The heavy emphasis on explaining the why in a change process is interesting as this implies that leaders perceive themselves, to lead their teams. However, the context the leaders operate in, include highly educated people, whom should be able to grasp the context of an

organizational change process. Perhaps the pressure brought on leaders, to achieve remarkable outcomes in change processes has created such behaviours.

The individual was emphasised when describing perceptions of change phases by seven of the respondents, for example: “yeah I don’t think you can talk about a phase the team is in, I think you can talk about the phase the individual is in…”(Interview 12, “Lydia”). To lead teams through phases of change is emphasised in the literature (Wheelan, 2005), however, as

many of the respondents chose to pinpoint the individual although answering questions regarding their teams. This reveals a remarkable contradiction in theory and practise, whereas findings suggest adapting change toward the individual, whereas the literature treats the whole team as a solid unit, whereas these perspectives clash.

There is emotional aspects to consider when leading teams through change (Burke, 1992), and this change was described as something rather complex: “…for myself it is tough in an emotional way because you have to absorb all the feelings, so ehm, in my own, person, I’ve sensed that maybe a little, lower on energy than I’m used to. Because you know you have to adapt so much and you have to absorb so many questions, and feelings and emotions, and not just mirroring the emotions back in the organization but take it out.”...“Then it’s a very vital process running, in the middle of the storm in the ocean.
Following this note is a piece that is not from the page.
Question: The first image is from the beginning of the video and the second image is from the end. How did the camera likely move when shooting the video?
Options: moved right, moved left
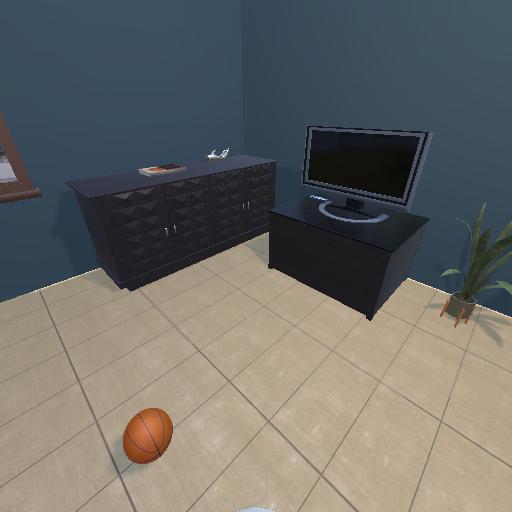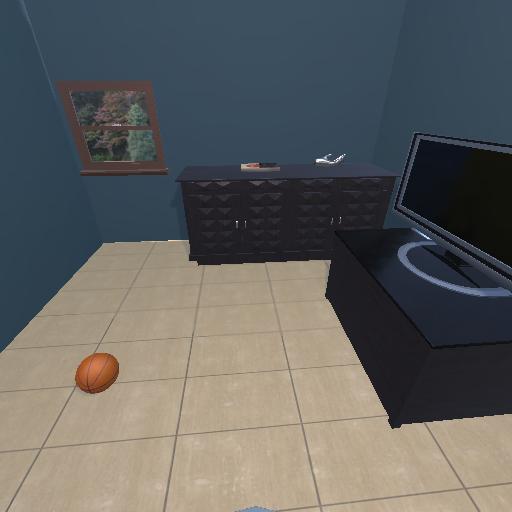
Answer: moved right

And that can emotional be a hard one to be in.” (Interview 12 “Lydia”). The emotional aspects amongst employees are something that throughout literature is described for leaders to handle (Lorenzi & Riley, 2000; Kotter & Shledinger, 2008). The leader's own emotional journey (Petriglieri & Petriglieri, 2015), behind the somewhat heroic descriptions of middle managers (Alvesson &

Sveningsson, 2010; Knights & McCabe, 2000), is less considered in current change literature. The findings reveals that it can be very emotional being a middle manager in change

processes. Findings reveal that the heroic picture of the leading manager perhaps should be re-evaluated and change focus toward all individuals throughout the organisation.